Both datasets (dat and dat2) look like this:
modu mnc eff
1 0.3080473 0 0.4420544
2 0.3110355 4 0.4633741
3 0.3334024 9 0.4653061
Here's my code so far:
library(ggplot2)
dat <- structure(list(modu = c(0.30947265625, 0.3094921875, 0.32958984375,
0.33974609375, 0.33767578125, 0.3243359375, 0.33513671875, 0.3076171875,
0.3203125, 0.3205078125, 0.3220703125, 0.28994140625, 0.31181640625,
0.352421875, 0.31978515625, 0.29642578125, 0.34982421875, 0.3289453125,
0.30802734375, 0.31185546875, 0.3472265625, 0.303828125, 0.32279296875,
0.3165234375, 0.311328125, 0.33640625, 0.3140234375, 0.33515625,
0.34314453125, 0.33869140625), mnc = c(15, 9, 6, 0, 10, 12, 14,
9, 5, 11, 0, 15, 0, 2, 14, 13, 14, 17, 11, 12, 13, 6, 4, 0, 13,
7, 10, 12, 7, 13), eff = c(0.492448979591836, 0.49687074829932,
0.49421768707483, 0.478571428571428, 0.493537414965986, 0.493809523809524,
0.49891156462585, 0.499319727891156, 0.495102040816327, 0.492285714285714,
0.482312925170068, 0.498911564625851, 0.479931972789116, 0.492857142857143,
0.495238095238095, 0.49891156462585, 0.49530612244898, 0.495850340136055,
0.50156462585034, 0.496, 0.492897959183673, 0.487959183673469,
0.495605442176871, 0.47795918367347, 0.501360544217687, 0.497850340136054,
0.493496598639456, 0.493741496598639, 0.496734693877551, 0.499659863945578
)), .Names = c("modu", "mnc", "eff"), row.names = c(NA, 30L), class = "data.frame")

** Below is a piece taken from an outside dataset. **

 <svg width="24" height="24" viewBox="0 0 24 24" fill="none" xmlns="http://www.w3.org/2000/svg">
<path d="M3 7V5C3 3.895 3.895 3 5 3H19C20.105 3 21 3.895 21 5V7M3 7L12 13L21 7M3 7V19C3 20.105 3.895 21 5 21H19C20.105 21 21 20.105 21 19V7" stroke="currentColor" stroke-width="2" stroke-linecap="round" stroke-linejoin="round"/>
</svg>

dat2 <- structure(list(modu = c(0.26541015625, 0.282734375, 0.28541015625,
0.29216796875, 0.293671875), mnc = c(0.16, 0.28, 0.28, 0.28,
0.28), eff = c(0.503877551020408, 0.504149659863946, 0.504625850340136,
0.505714285714286, 0.508503401360544)), .Names = c("modu", "mnc",
"eff"), row.names = c(NA, 5L), class = "data.frame")
dat$modu = dat$modu
dat$mnc = dat$mnc*50
dat$eff = dat$eff
dat2$modu = dat2$modu
dat2$mnc = dat2$mnc*50
dat2$eff = dat2$eff
res <- do.call(rbind, combn(1:3, 2, function(ii)
cbind(setNames(dat[,c(ii, setdiff(1:3, ii))], c("x", "y")),
var=paste(names(dat)[ii], collapse="/")), simplify=F))

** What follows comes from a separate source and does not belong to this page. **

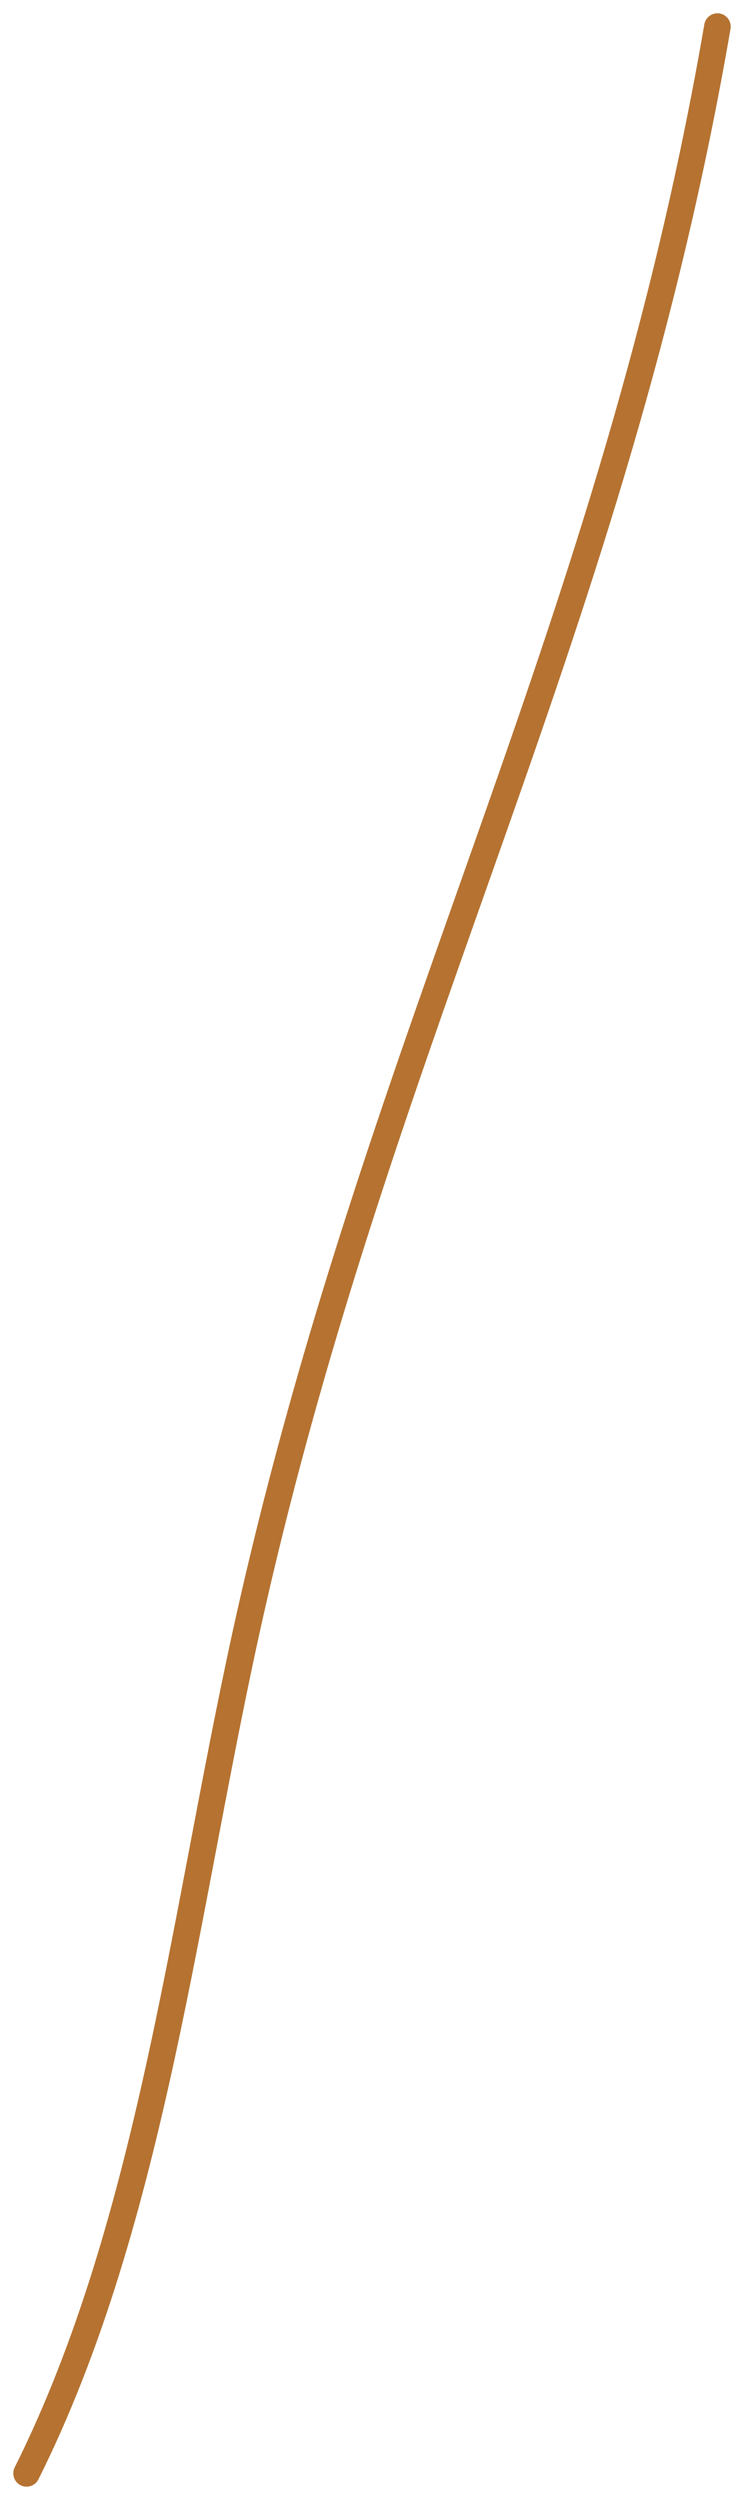 <?xml version="1.0" encoding="UTF-8"?> <svg xmlns="http://www.w3.org/2000/svg" width="28" height="94" viewBox="0 0 28 94" fill="none"><path d="M27 1C23.096 23.641 14.446 38.464 9.444 60.556C6.976 71.458 5.78 83.44 1 93" stroke="#B57230" stroke-linecap="round"></path></svg>

ggplot(res, aes(x=x, y=y))+ geom_point(shape=4) +
facet_wrap(~ var, scales="free")
How should I go about doing this? Do I need to add a layer? If so, how to do this in a faceted plot?
Thanks!
Here's one way:
pts <- do.call(rbind, combn(1:3, 2, function(ii)
cbind(setNames(dat[,c(ii, setdiff(1:3, ii))], c("x", "y")),
var=paste(names(dat)[ii], collapse="/")), simplify=F))

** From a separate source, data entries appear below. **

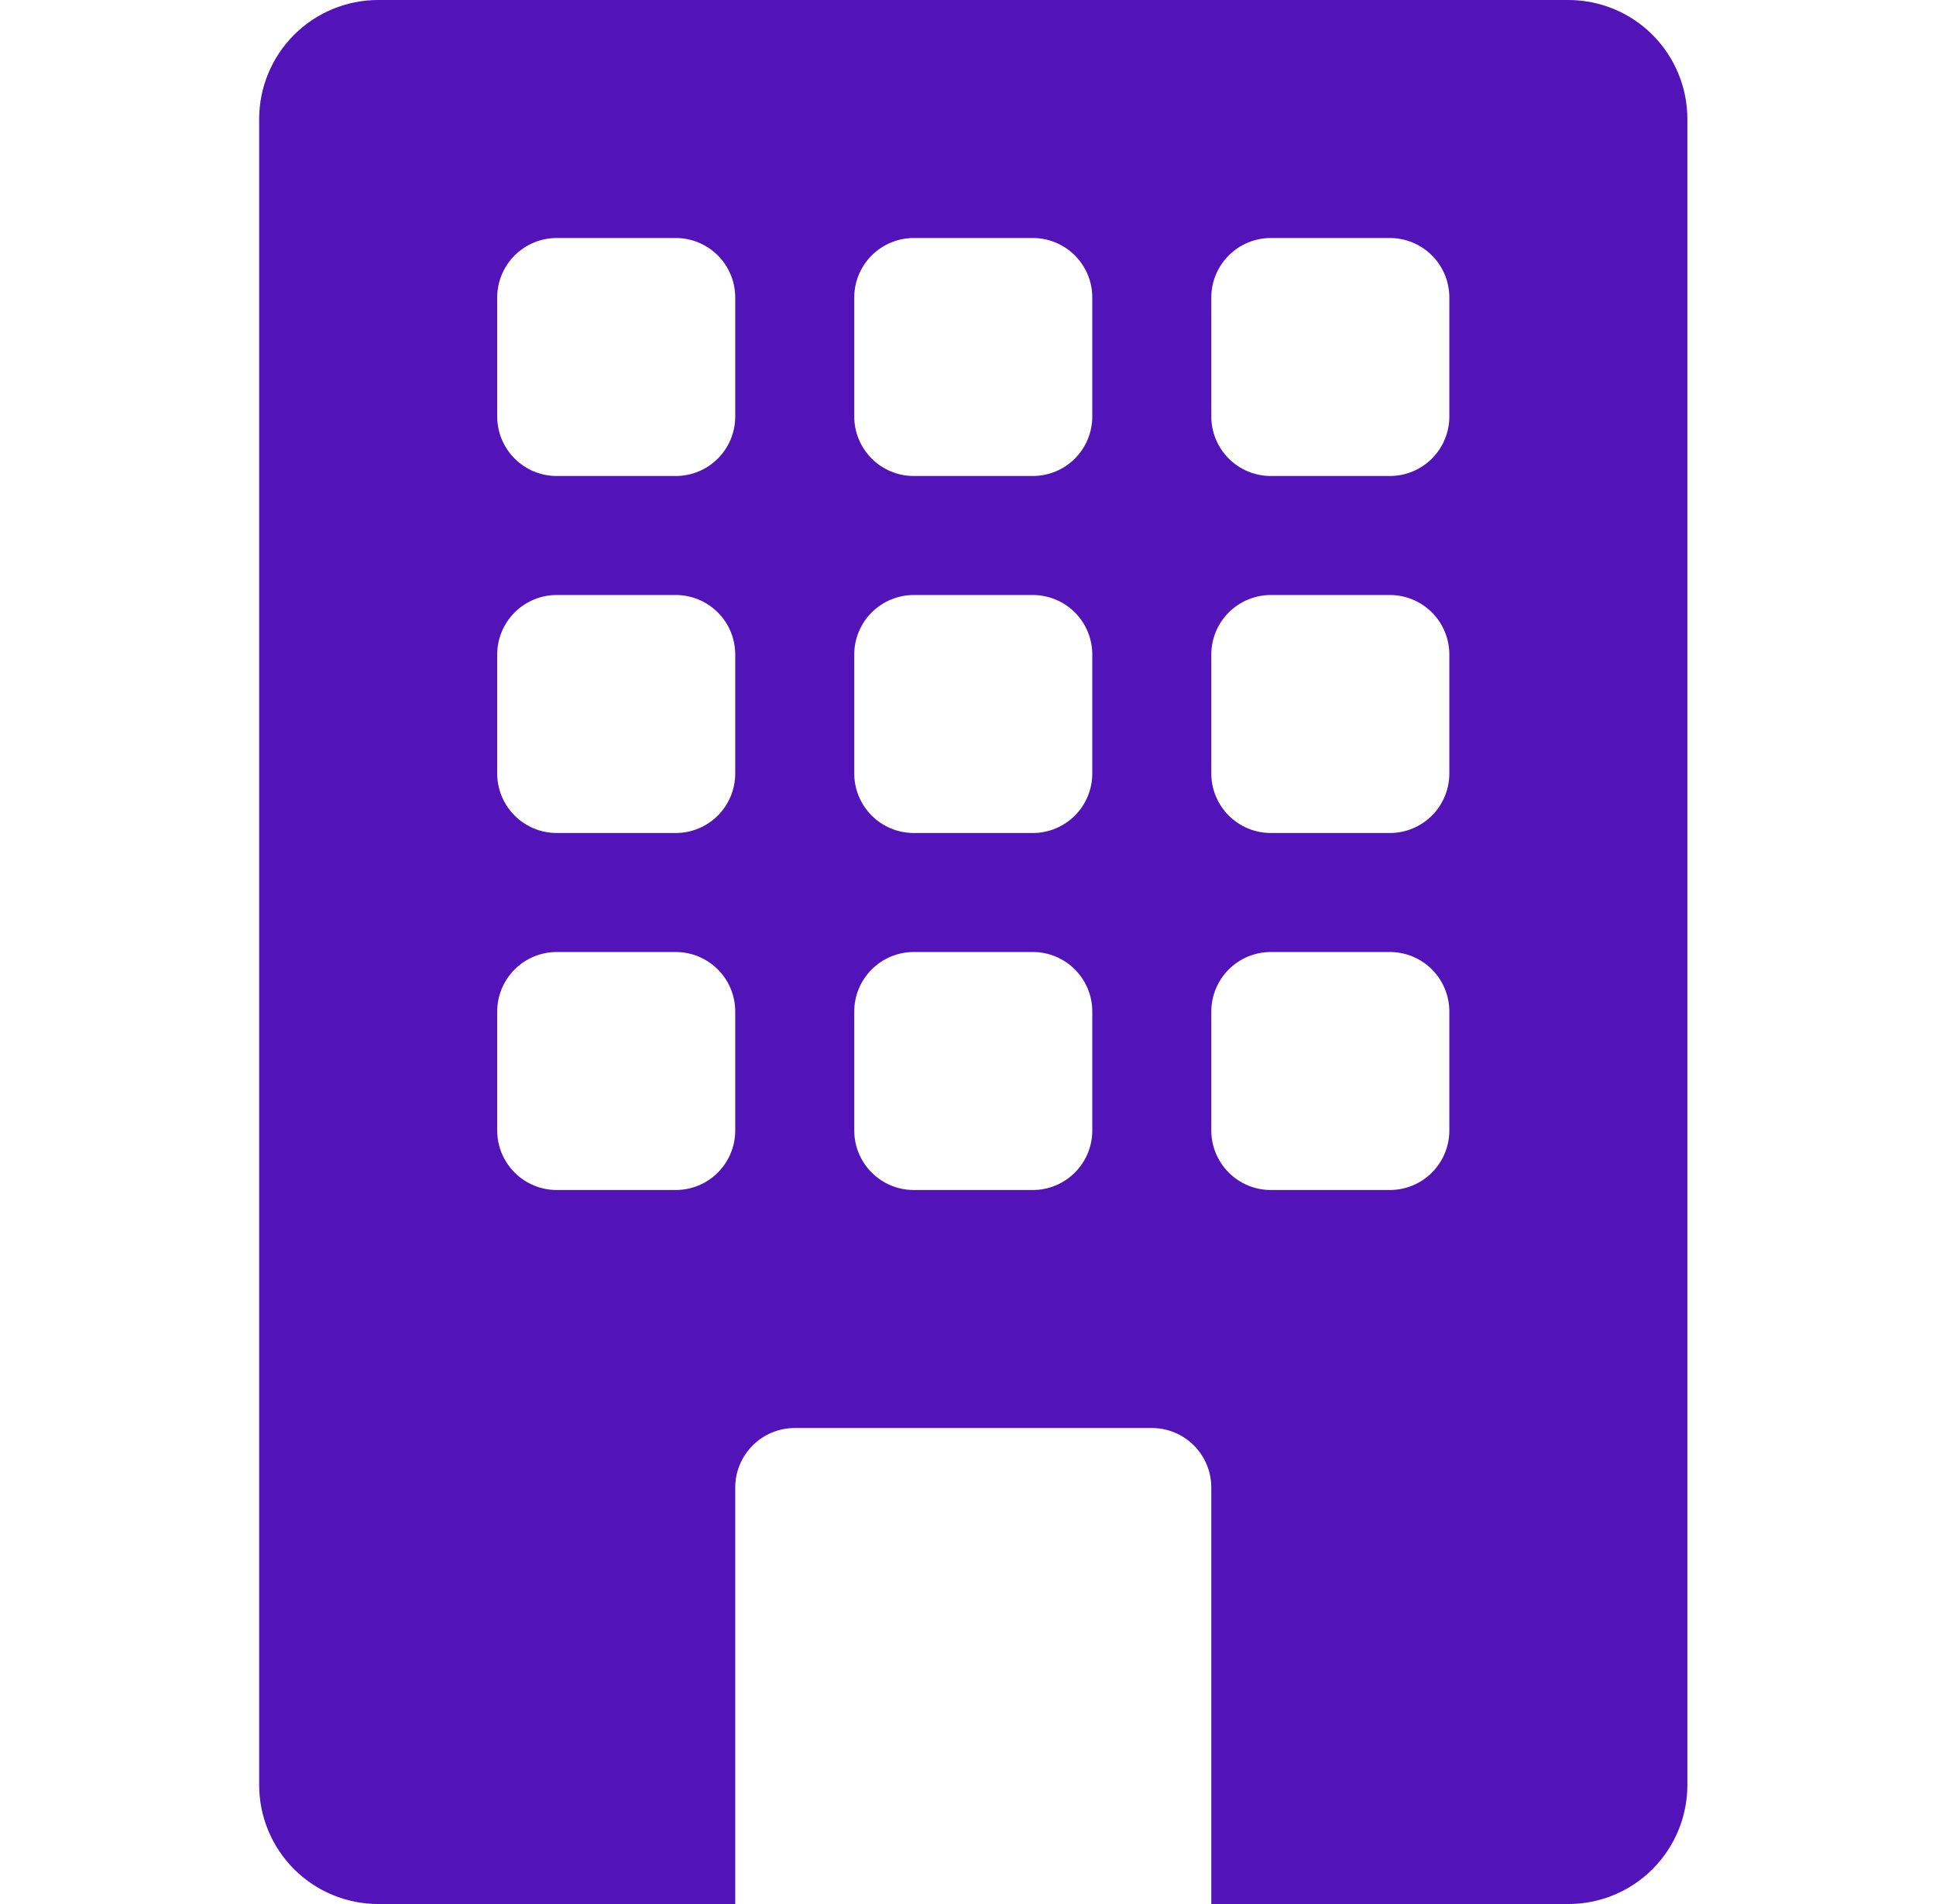 <svg width="61" height="60" viewBox="0 0 61 60" fill="none" xmlns="http://www.w3.org/2000/svg">
<g clip-path="url(#clip0_121_492)">
<path d="M11.916 0C10.922 0 9.968 0.395 9.265 1.098C8.562 1.802 8.166 2.755 8.166 3.75V56.25C8.166 57.245 8.562 58.198 9.265 58.902C9.968 59.605 10.922 60 11.916 60H23.166V46.875C23.166 46.378 23.364 45.901 23.716 45.549C24.067 45.197 24.544 45 25.041 45H36.291C36.789 45 37.266 45.197 37.617 45.549C37.969 45.901 38.166 46.378 38.166 46.875V60H49.416C50.411 60 51.365 59.605 52.068 58.902C52.771 58.198 53.166 57.245 53.166 56.25V3.75C53.166 2.755 52.771 1.802 52.068 1.098C51.365 0.395 50.411 0 49.416 0L11.916 0ZM15.666 9.375C15.666 8.878 15.864 8.401 16.216 8.049C16.567 7.698 17.044 7.5 17.541 7.5H21.291C21.789 7.5 22.266 7.698 22.617 8.049C22.969 8.401 23.166 8.878 23.166 9.375V13.125C23.166 13.622 22.969 14.099 22.617 14.451C22.266 14.803 21.789 15 21.291 15H17.541C17.044 15 16.567 14.803 16.216 14.451C15.864 14.099 15.666 13.622 15.666 13.125V9.375ZM26.916 9.375C26.916 8.878 27.114 8.401 27.466 8.049C27.817 7.698 28.294 7.5 28.791 7.5H32.541C33.039 7.5 33.516 7.698 33.867 8.049C34.219 8.401 34.416 8.878 34.416 9.375V13.125C34.416 13.622 34.219 14.099 33.867 14.451C33.516 14.803 33.039 15 32.541 15H28.791C28.294 15 27.817 14.803 27.466 14.451C27.114 14.099 26.916 13.622 26.916 13.125V9.375ZM40.041 7.5H43.791C44.289 7.5 44.766 7.698 45.117 8.049C45.469 8.401 45.666 8.878 45.666 9.375V13.125C45.666 13.622 45.469 14.099 45.117 14.451C44.766 14.803 44.289 15 43.791 15H40.041C39.544 15 39.067 14.803 38.716 14.451C38.364 14.099 38.166 13.622 38.166 13.125V9.375C38.166 8.878 38.364 8.401 38.716 8.049C39.067 7.698 39.544 7.5 40.041 7.5ZM15.666 20.625C15.666 20.128 15.864 19.651 16.216 19.299C16.567 18.948 17.044 18.75 17.541 18.75H21.291C21.789 18.75 22.266 18.948 22.617 19.299C22.969 19.651 23.166 20.128 23.166 20.625V24.375C23.166 24.872 22.969 25.349 22.617 25.701C22.266 26.052 21.789 26.25 21.291 26.25H17.541C17.044 26.25 16.567 26.052 16.216 25.701C15.864 25.349 15.666 24.872 15.666 24.375V20.625ZM28.791 18.75H32.541C33.039 18.75 33.516 18.948 33.867 19.299C34.219 19.651 34.416 20.128 34.416 20.625V24.375C34.416 24.872 34.219 25.349 33.867 25.701C33.516 26.052 33.039 26.25 32.541 26.25H28.791C28.294 26.25 27.817 26.052 27.466 25.701C27.114 25.349 26.916 24.872 26.916 24.375V20.625C26.916 20.128 27.114 19.651 27.466 19.299C27.817 18.948 28.294 18.75 28.791 18.75ZM38.166 20.625C38.166 20.128 38.364 19.651 38.716 19.299C39.067 18.948 39.544 18.75 40.041 18.75H43.791C44.289 18.75 44.766 18.948 45.117 19.299C45.469 19.651 45.666 20.128 45.666 20.625V24.375C45.666 24.872 45.469 25.349 45.117 25.701C44.766 26.052 44.289 26.25 43.791 26.25H40.041C39.544 26.25 39.067 26.052 38.716 25.701C38.364 25.349 38.166 24.872 38.166 24.375V20.625ZM17.541 30H21.291C21.789 30 22.266 30.198 22.617 30.549C22.969 30.901 23.166 31.378 23.166 31.875V35.625C23.166 36.122 22.969 36.599 22.617 36.951C22.266 37.303 21.789 37.5 21.291 37.5H17.541C17.044 37.5 16.567 37.303 16.216 36.951C15.864 36.599 15.666 36.122 15.666 35.625V31.875C15.666 31.378 15.864 30.901 16.216 30.549C16.567 30.198 17.044 30 17.541 30ZM26.916 31.875C26.916 31.378 27.114 30.901 27.466 30.549C27.817 30.198 28.294 30 28.791 30H32.541C33.039 30 33.516 30.198 33.867 30.549C34.219 30.901 34.416 31.378 34.416 31.875V35.625C34.416 36.122 34.219 36.599 33.867 36.951C33.516 37.303 33.039 37.5 32.541 37.5H28.791C28.294 37.5 27.817 37.303 27.466 36.951C27.114 36.599 26.916 36.122 26.916 35.625V31.875ZM40.041 30H43.791C44.289 30 44.766 30.198 45.117 30.549C45.469 30.901 45.666 31.378 45.666 31.875V35.625C45.666 36.122 45.469 36.599 45.117 36.951C44.766 37.303 44.289 37.5 43.791 37.5H40.041C39.544 37.5 39.067 37.303 38.716 36.951C38.364 36.599 38.166 36.122 38.166 35.625V31.875C38.166 31.378 38.364 30.901 38.716 30.549C39.067 30.198 39.544 30 40.041 30Z" fill="#5213B9"/>
</g>
<defs>
<clipPath id="clip0_121_492">
<rect width="60" height="60" fill="white" transform="translate(0.667)"/>
</clipPath>
</defs>
</svg>

lns <- do.call(rbind, combn(1:3, 2, function(ii)
cbind(setNames(dat2[,c(ii, setdiff(1:3, ii))], c("x", "y")),
var=paste(names(dat2)[ii], collapse="/")), simplify=F))
gg.df <- rbind(cbind(geom="pt",pts),cbind(geom="ln",lns))
ggplot(gg.df,aes(x,y)) +
geom_point(data=gg.df[gg.df$geom=="pt",], shape=4)+
geom_path(data=gg.df[gg.df$geom=="ln",], color="red")+
facet_wrap(~var, scales="free")
The basic idea is to create separate data.frames for the points and the lines, then bind them together row-wise with an extra column (geom) indicating which geometry the data goes with. Then we plot the points based on the subset of gg.df with geom=="pt" and similarly with the lines.
The result isn't very interesting with your limited example, but this seems (??) to be what you want. Notice the use of geom_path(...) rather than geom_line(...). The latter orders the x-values before plotting.